(WHAT IS REQUIRED)
Repeat the listing below in full and exactly, but without its pictures.

(DATA FOR REVIEW Opens)

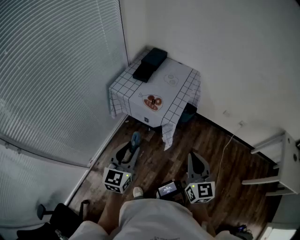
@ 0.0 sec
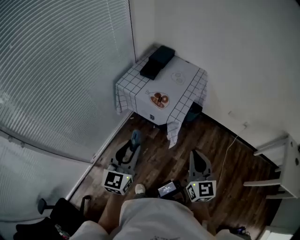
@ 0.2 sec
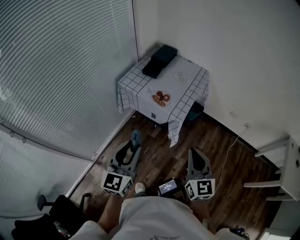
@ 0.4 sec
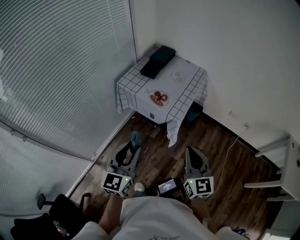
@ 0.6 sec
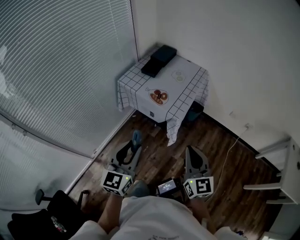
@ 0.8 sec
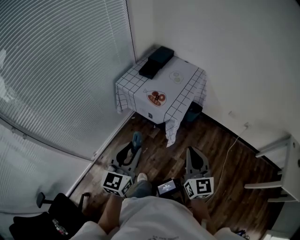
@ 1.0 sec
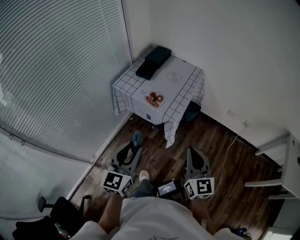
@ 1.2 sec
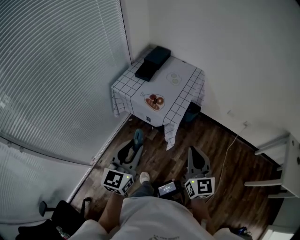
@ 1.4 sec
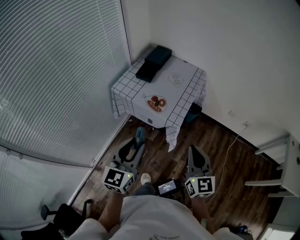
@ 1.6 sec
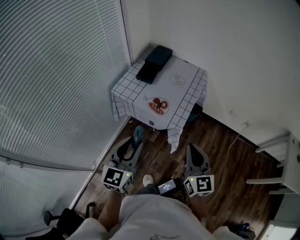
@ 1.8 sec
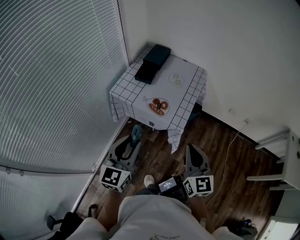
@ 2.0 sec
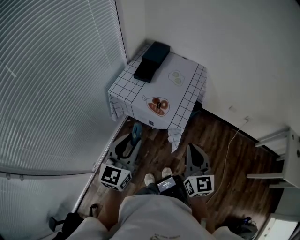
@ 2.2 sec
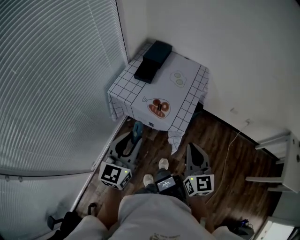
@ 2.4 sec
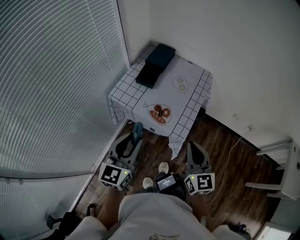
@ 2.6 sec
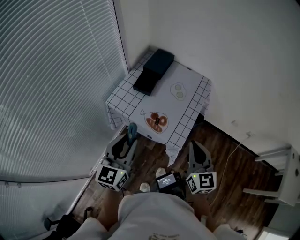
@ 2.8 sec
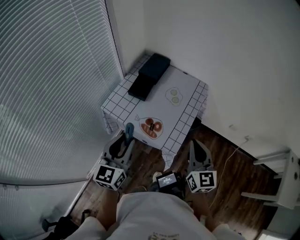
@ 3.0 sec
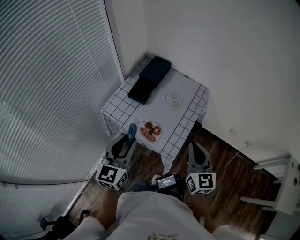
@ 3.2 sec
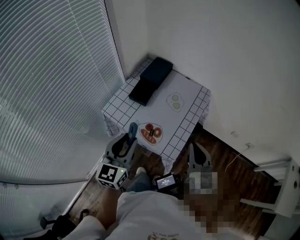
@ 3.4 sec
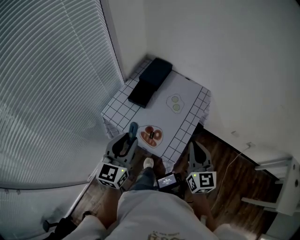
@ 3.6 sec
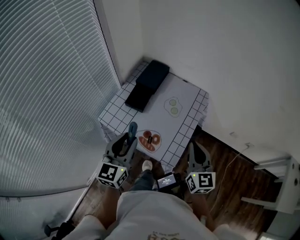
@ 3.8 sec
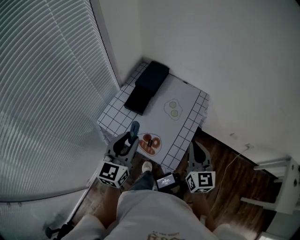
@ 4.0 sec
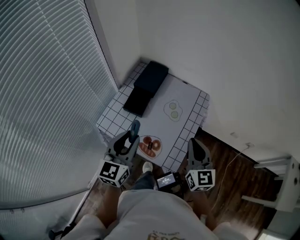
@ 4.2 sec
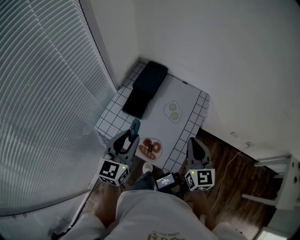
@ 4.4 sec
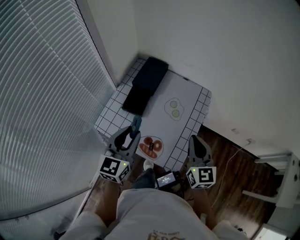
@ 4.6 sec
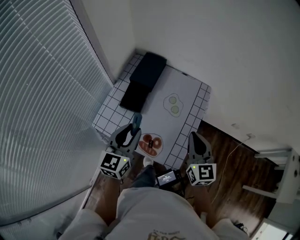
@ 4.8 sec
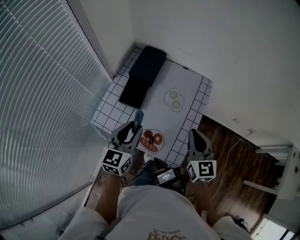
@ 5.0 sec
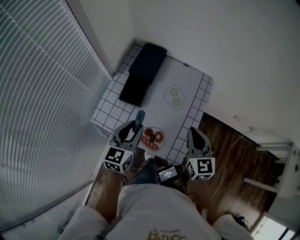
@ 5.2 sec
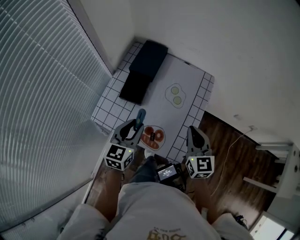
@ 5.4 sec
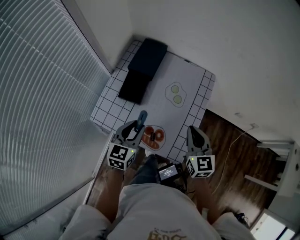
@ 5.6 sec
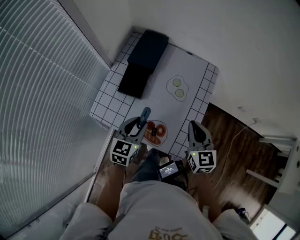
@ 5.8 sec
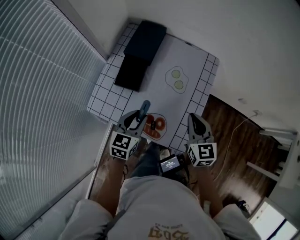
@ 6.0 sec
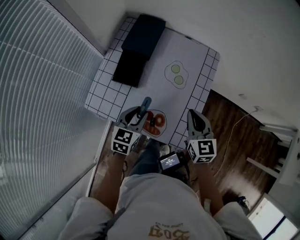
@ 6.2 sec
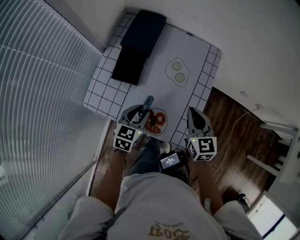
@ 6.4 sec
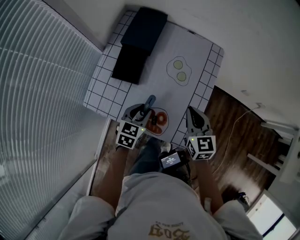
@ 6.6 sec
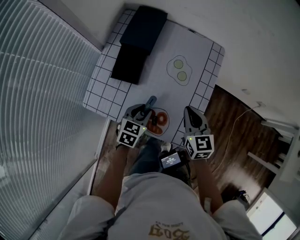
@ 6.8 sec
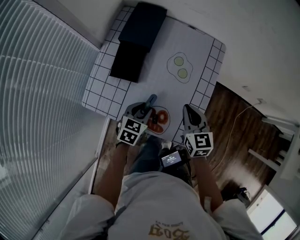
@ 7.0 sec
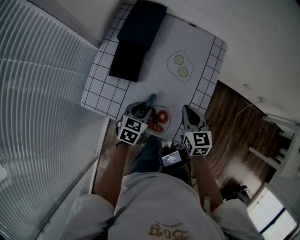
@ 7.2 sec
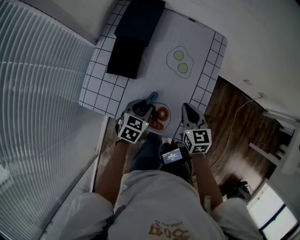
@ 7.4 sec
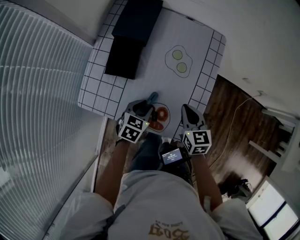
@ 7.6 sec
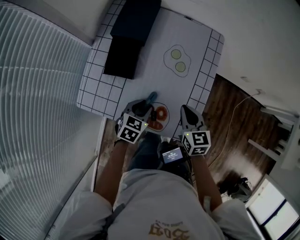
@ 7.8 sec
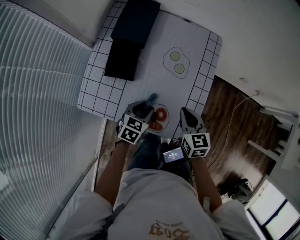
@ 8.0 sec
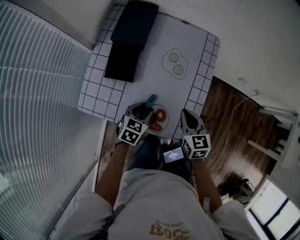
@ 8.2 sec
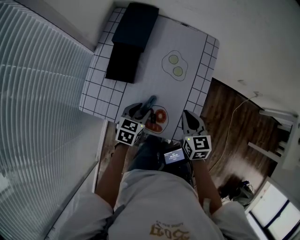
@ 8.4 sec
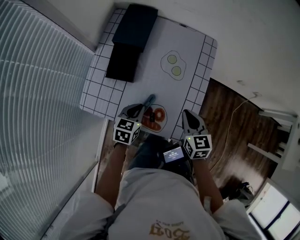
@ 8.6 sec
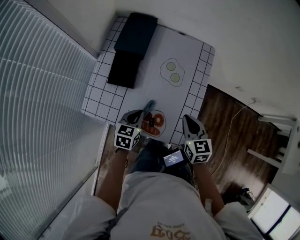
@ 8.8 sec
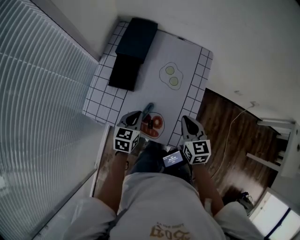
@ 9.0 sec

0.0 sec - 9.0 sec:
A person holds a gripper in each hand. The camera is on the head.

(DATA FOR REVIEW Closes)

(WRITTEN SOLUTION)
@ 0.0 sec
@ 0.2 sec
@ 0.4 sec
@ 0.6 sec
@ 0.8 sec
@ 1.0 sec
@ 1.2 sec
@ 1.4 sec
@ 1.6 sec
@ 1.8 sec
@ 2.0 sec
@ 2.2 sec
@ 2.4 sec
@ 2.6 sec
@ 2.8 sec
@ 3.0 sec
@ 3.2 sec
@ 3.4 sec
@ 3.6 sec
@ 3.8 sec
@ 4.0 sec
@ 4.2 sec
@ 4.4 sec
@ 4.6 sec
@ 4.8 sec
@ 5.0 sec
@ 5.2 sec
@ 5.4 sec
@ 5.6 sec
@ 5.8 sec
@ 6.0 sec
@ 6.2 sec
@ 6.4 sec
@ 6.6 sec
@ 6.8 sec
@ 7.0 sec
@ 7.2 sec
@ 7.4 sec
@ 7.6 sec
@ 7.8 sec
@ 8.0 sec
@ 8.2 sec
@ 8.4 sec
@ 8.6 sec
@ 8.8 sec
@ 9.0 sec

0.0 sec - 9.0 sec:
A person holds a gripper in each hand. The camera is on the head.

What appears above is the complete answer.